Fantastic ! It works !

A thousand times "Thank You" to npj !

Note - When writing my previous post, I had not recognized npj's
contribution as a complete working new translator for Phys. Rev..
Also thought that PROLA was only for old archived Phys. Rev..
Thanks to noksagt for pointing this out.

Now let's hope that the new translator covers all cases and gets deployed soon.

Thank you !

alexHH · January 22, 2010

Hi,

I'm not so familiar with zotero. Can anybody give me instructions how to manually update the PROLA translator to the version posted above?

Thank's.

dstillman · January 22, 2010

Updated PROLA.js, FYI. I can see the tabs are messed up here, I'll e-mail a copy to translators@zotero.

Post it as a file to zotero-dev and then send a message to the list.

tkott · January 23, 2010

Thanks npj for doing the heavy lifting, this solved my problem as well: http://forums.zotero.org/discussion/10733/ff36-possible-bad-reading-of-doi/#Item_1

Tomek

levbishop · January 23, 2010

@AlexHH I too spent some time trying to figure out how to solve this problem using npj's method. So far as to find my firefox profile, which on windows lives under
%APPDATA%\Mozilla\Firefox\Profiles\
and I found that zotero.jar lives under this directory in:
extensions\zotero@chnm.gmu.edu\chrome
and that zotero.jar can be decompressed using, for example 7-zip (download from http://www.7-zip.org )
I tried to put npj's PROLA.js in various places within the resulting directory tree, rezipping into zotero.jar, and restarting firefox, but nothing seemed to work.

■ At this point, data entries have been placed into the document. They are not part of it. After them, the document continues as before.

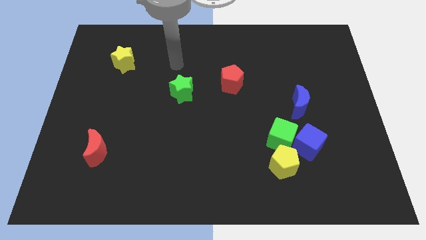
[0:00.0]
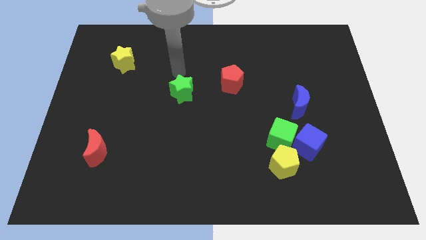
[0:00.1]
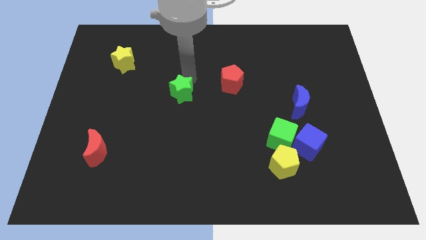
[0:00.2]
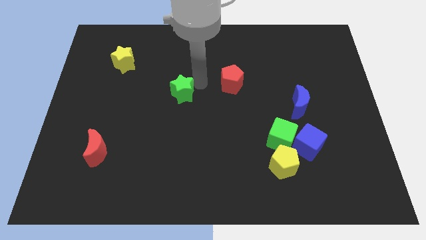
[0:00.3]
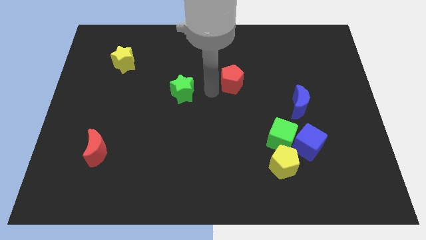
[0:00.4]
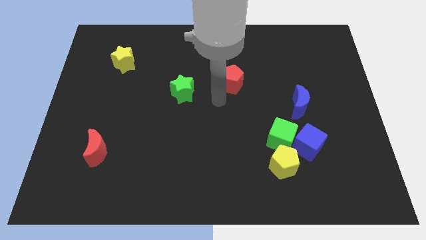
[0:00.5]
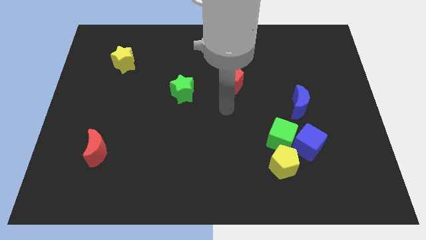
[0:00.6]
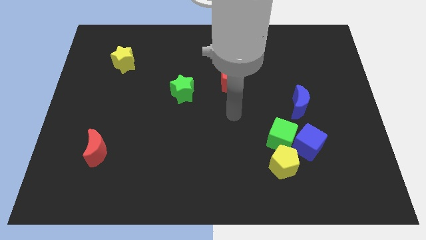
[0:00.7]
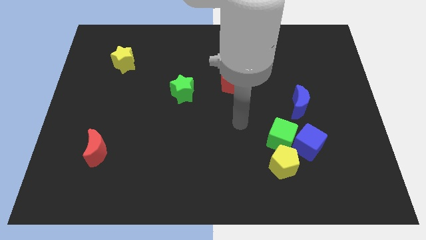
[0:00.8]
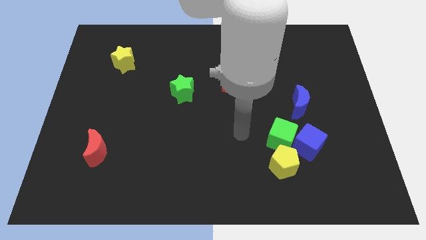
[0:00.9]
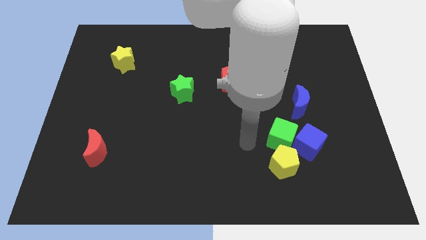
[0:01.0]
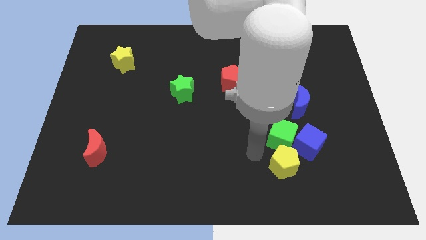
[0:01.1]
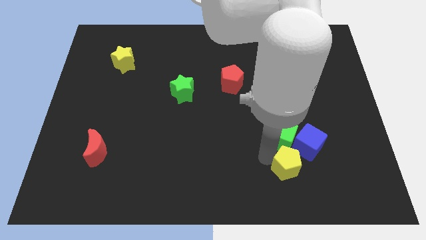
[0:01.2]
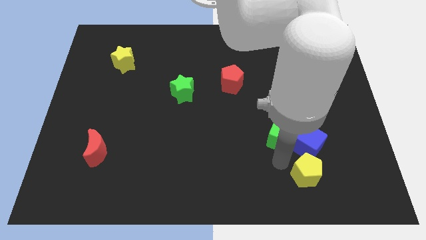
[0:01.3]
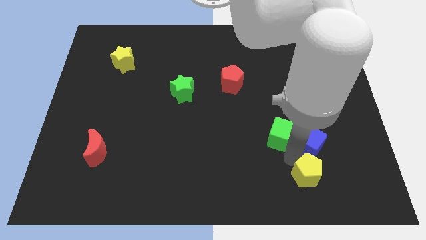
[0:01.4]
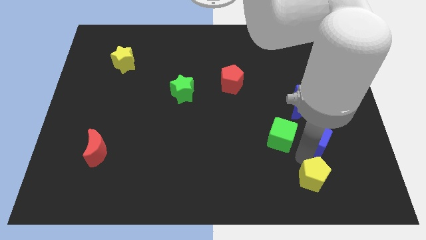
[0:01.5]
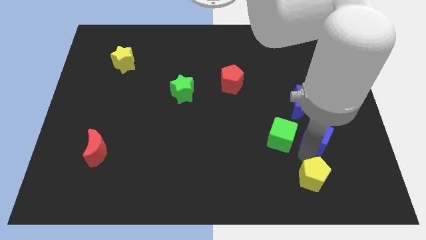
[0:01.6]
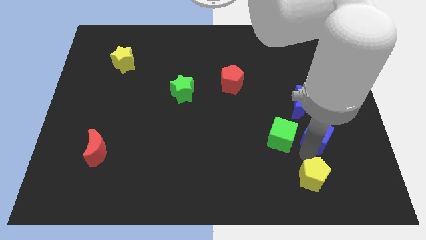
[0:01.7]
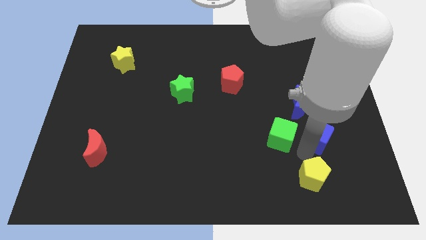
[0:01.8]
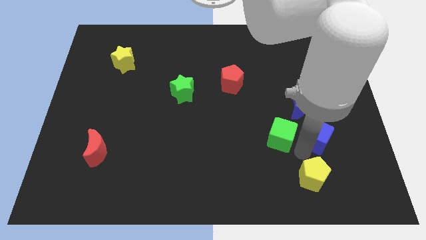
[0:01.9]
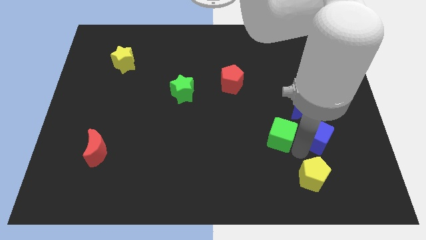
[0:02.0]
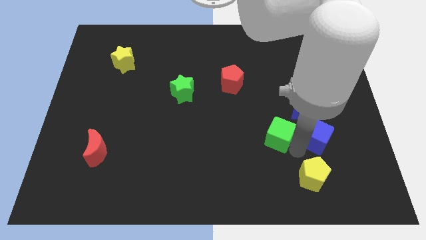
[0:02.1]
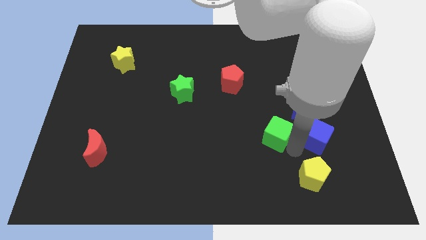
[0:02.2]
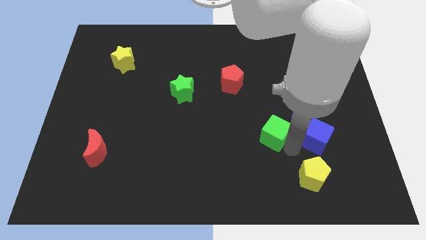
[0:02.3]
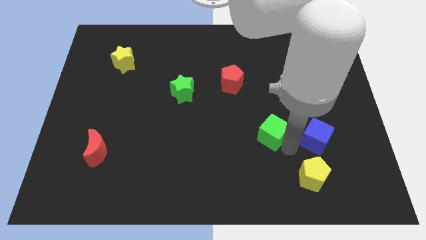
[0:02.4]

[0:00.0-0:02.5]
pull the green cube apart from the blue cube and yellow pentagon

I couldn't find any documentation on the zotero website about where translators should be saved, nor could I find any of the translators which I must already have. Perhaps they are stored somewhere other than zotero.jar, but I have no idea where....

fbennett · January 23, 2010

Navigating from the directory where zotero.jar is located, you should find the translators in:../../../zotero/translators/which I guess on Windows is:..\..\..\zotero\translators\They're not zipped or anything, you can just drop the new version into that directory. On Windows, you may need to restart Firefox for the new translator version to take effect, I'm not sure.

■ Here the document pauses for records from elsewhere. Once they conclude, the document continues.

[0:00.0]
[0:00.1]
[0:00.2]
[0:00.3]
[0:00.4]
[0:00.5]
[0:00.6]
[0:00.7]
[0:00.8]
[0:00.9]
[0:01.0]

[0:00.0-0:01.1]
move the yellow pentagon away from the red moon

(EDIT: This applies to Zotero 2.0 only.)

levbishop · January 23, 2010

@fbennet Thanks, but in the ..\..\..\zotero directory all I see is
pdfinfo-Win32.exe*
pdfinfo-Win32.exe.version*
pdftotext-Win32.exe*
pdftotext-Win32.exe.version*
storage/
zotero.sqlite*
zotero.sqlite.bak*

dstillman · January 23, 2010

Translators go in the 'translators' directory within the Zotero data directory.

This applies to Zotero 2.0 only. Translators are much harder to access in Zotero 1.0.